About this task >>
From the records below, pull each line that has "http".

Data >>
· · · ·

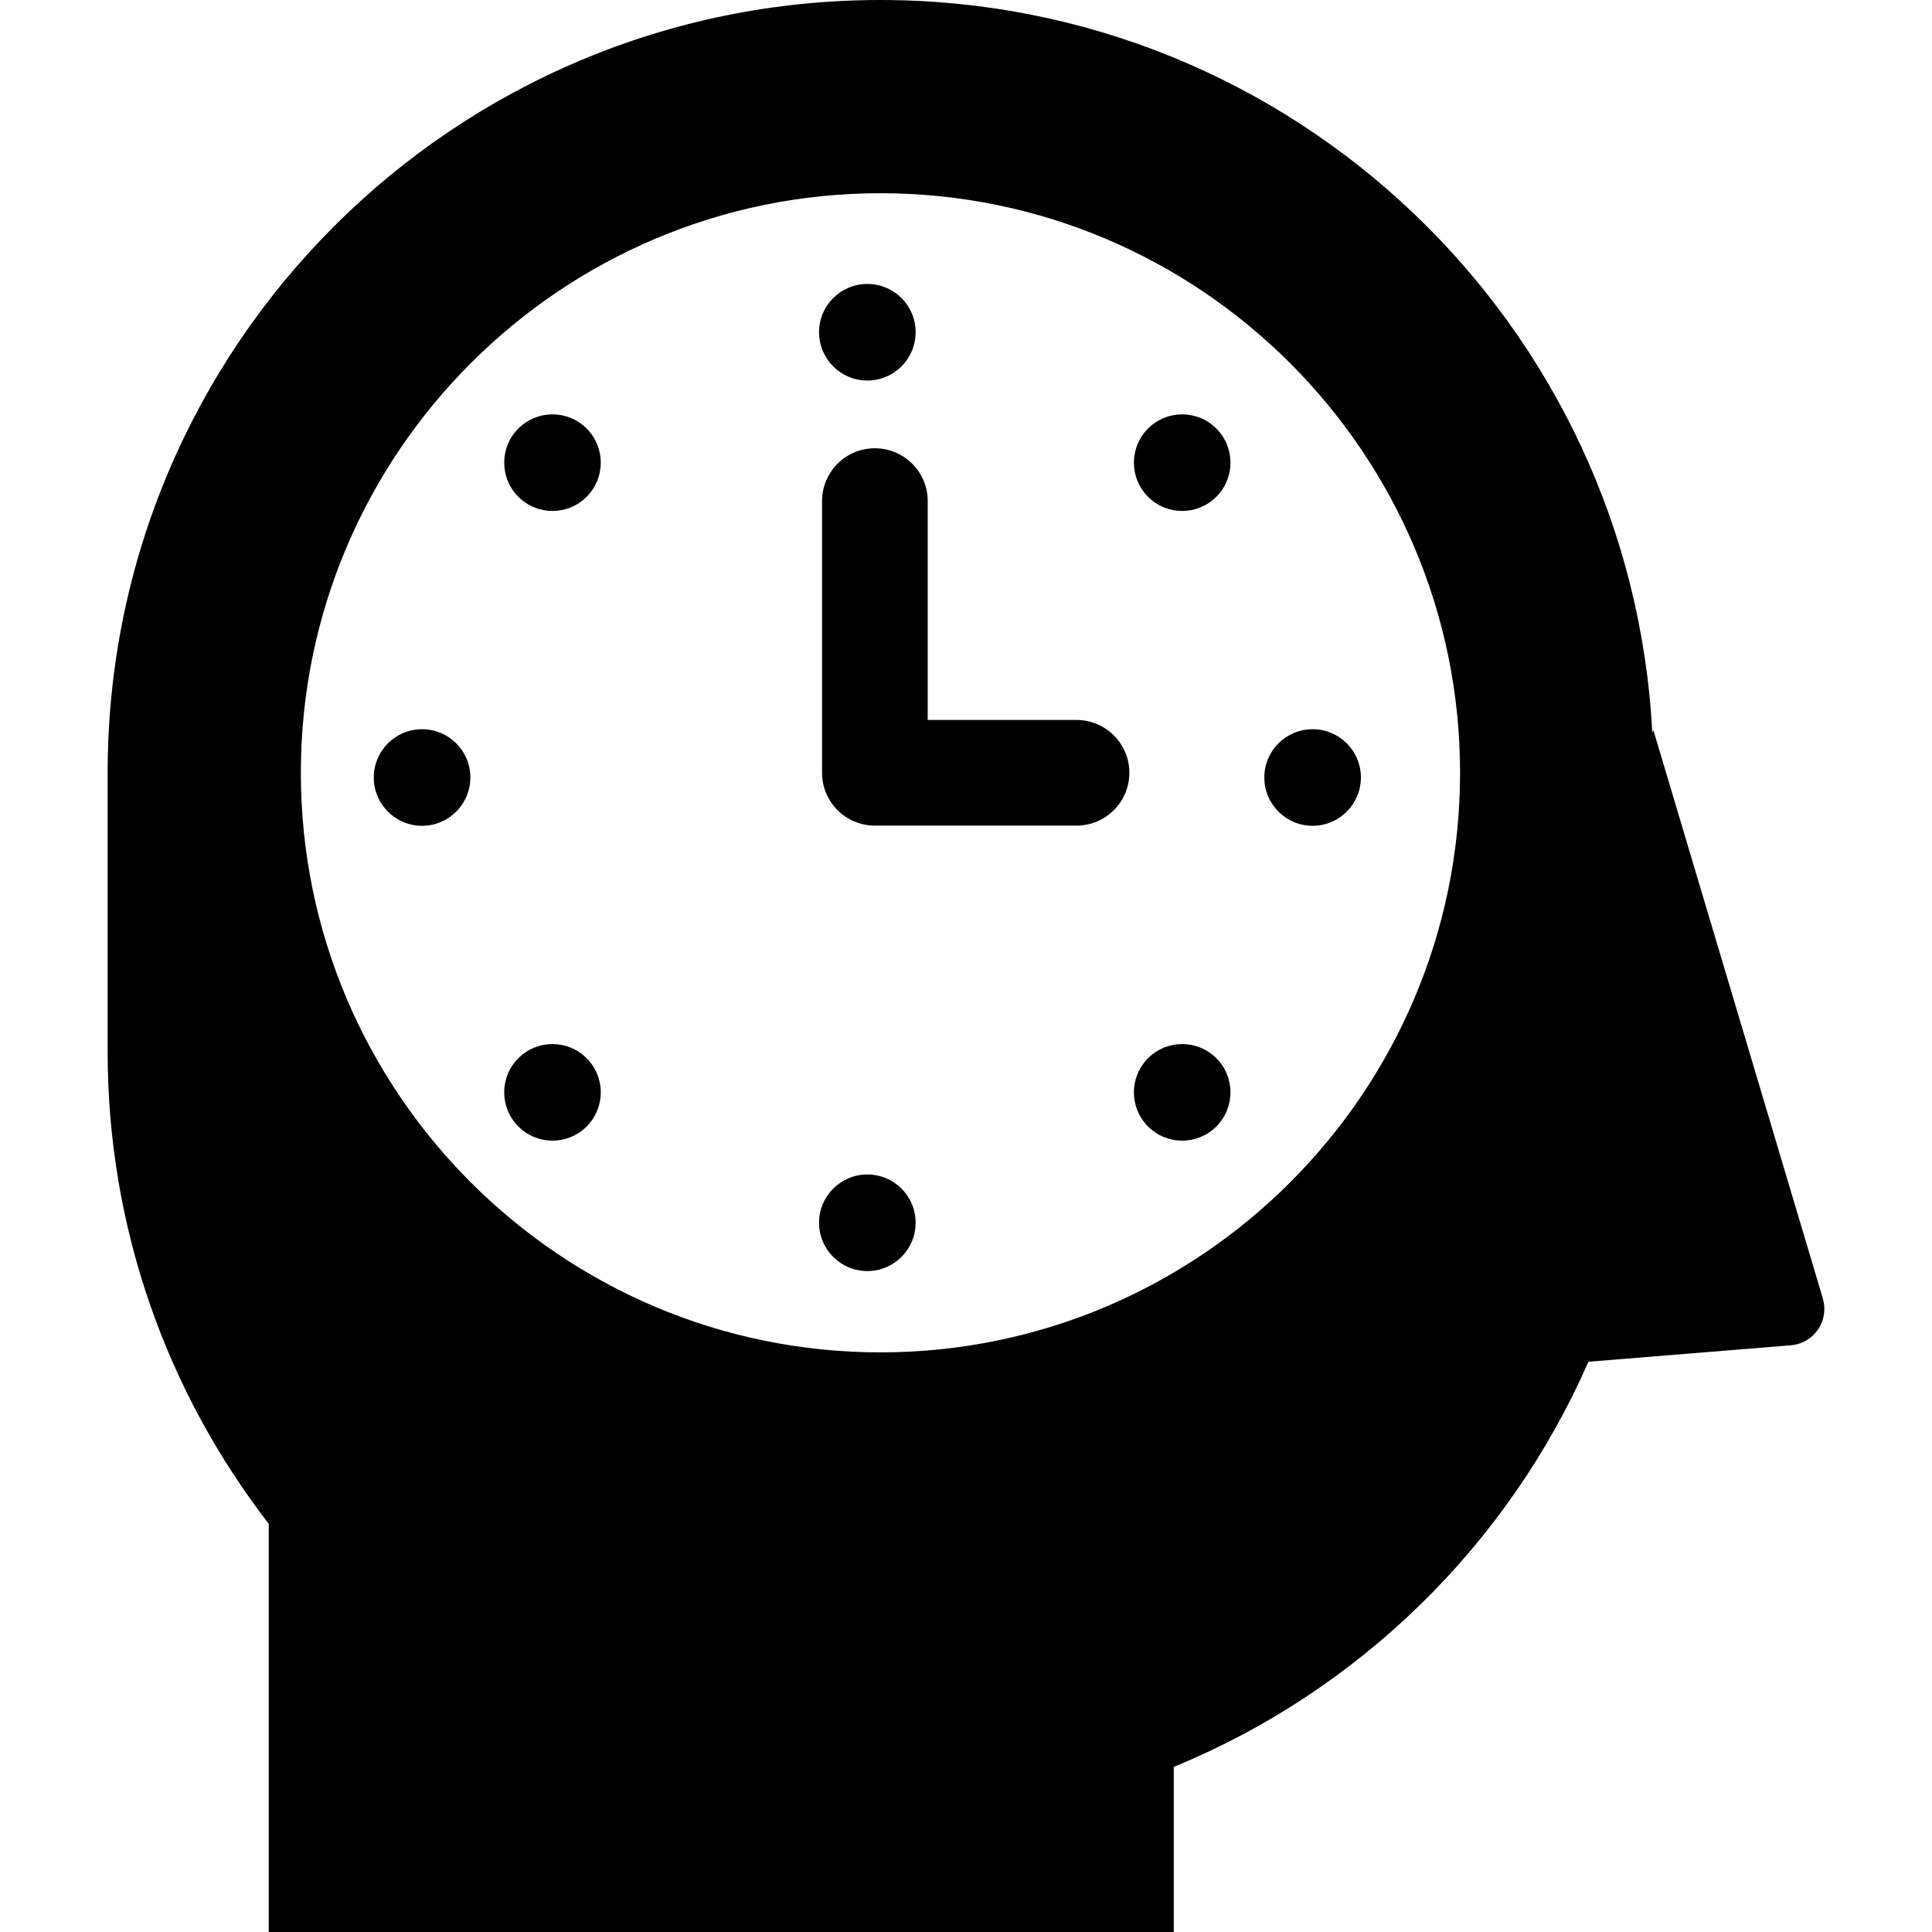 <?xml version="1.0" encoding="utf-8"?>

<!DOCTYPE svg PUBLIC "-//W3C//DTD SVG 1.1//EN" "http://www.w3.org/Graphics/SVG/1.1/DTD/svg11.dtd">

<svg version="1.1" id="_x32_" xmlns="http://www.w3.org/2000/svg" xmlns:xlink="http://www.w3.org/1999/xlink" 
	 width="800px" height="800px" viewBox="0 0 512 512"  xml:space="preserve">
<style type="text/css">
<![CDATA[
	.st0{fill:#000000;}
]]>
</style>
<g>
	<path class="st0" d="M285.276,190.797h-39.422v-58c0-7.734-6.266-14-14-14s-14,6.266-14,14v72c0,7.734,6.266,14,14,14h53.422
		c7.734,0,14.016-6.266,14.016-14S293.011,190.797,285.276,190.797z"/>
	<path class="st0" d="M483.073,344.109l-44.938-150.703l-0.266,0.813C432.354,86.031,342.886,0,233.339,0
		C120.229,0,28.526,91.688,28.526,204.797v73.953c0,47.109,15.953,90.469,42.688,125.063V512h239.844v-43.75
		c49.109-20.172,88.625-58.859,109.891-107.375l53.641-4.359c2.906-0.234,5.547-1.766,7.203-4.172
		C483.433,349.922,483.901,346.906,483.073,344.109z M233.323,358.391c-84.688,0-153.594-68.906-153.594-153.594
		S148.636,51.203,233.339,51.203c84.688,0,153.594,68.906,153.594,153.594S318.026,358.391,233.323,358.391z"/>
	<path class="st0" d="M242.651,88.031c0,7.078-5.719,12.813-12.797,12.813c-7.063,0-12.797-5.734-12.797-12.813
		c0-7.063,5.734-12.781,12.797-12.781C236.933,75.25,242.651,80.969,242.651,88.031z"/>
	<path class="st0" d="M242.651,324.031c0,7.078-5.719,12.813-12.797,12.813c-7.063,0-12.797-5.734-12.797-12.813
		c0-7.063,5.734-12.781,12.797-12.781C236.933,311.25,242.651,316.969,242.651,324.031z"/>
	<path class="st0" d="M155.464,113.563c5,5,5,13.094,0,18.094s-13.094,5-18.094,0s-5-13.094,0-18.094
		S150.464,108.563,155.464,113.563z"/>
	<path class="st0" d="M322.339,280.438c5,5,5,13.094,0,18.094s-13.094,5-18.094,0s-5-13.094,0-18.094
		S317.339,275.438,322.339,280.438z"/>
	<path class="st0" d="M111.854,193.25c7.078,0,12.797,5.719,12.797,12.781c0,7.078-5.734,12.813-12.797,12.813
		c-7.078,0-12.797-5.719-12.797-12.797S104.792,193.25,111.854,193.25z"/>
	<path class="st0" d="M347.854,193.25c7.078,0,12.797,5.719,12.797,12.781c0,7.078-5.719,12.813-12.797,12.813
		c-7.063,0-12.797-5.734-12.797-12.813C335.058,198.969,340.776,193.25,347.854,193.25z"/>
	<path class="st0" d="M137.37,280.438c5-5,13.094-5,18.094,0s5,13.094,0,18.094s-13.094,5-18.094,0S132.37,285.438,137.37,280.438z"
		/>
	<path class="st0" d="M304.245,113.563c5-5,13.109-5,18.094,0c5,5,5,13.094,0,18.094s-13.094,5-18.094,0
		S299.245,118.563,304.245,113.563z"/>
</g>
</svg>

· · · ·

Solution >>
<!DOCTYPE svg PUBLIC "-//W3C//DTD SVG 1.1//EN" "http://www.w3.org/Graphics/SVG/1.1/DTD/svg11.dtd">
<svg version="1.1" id="_x32_" xmlns="http://www.w3.org/2000/svg" xmlns:xlink="http://www.w3.org/1999/xlink" 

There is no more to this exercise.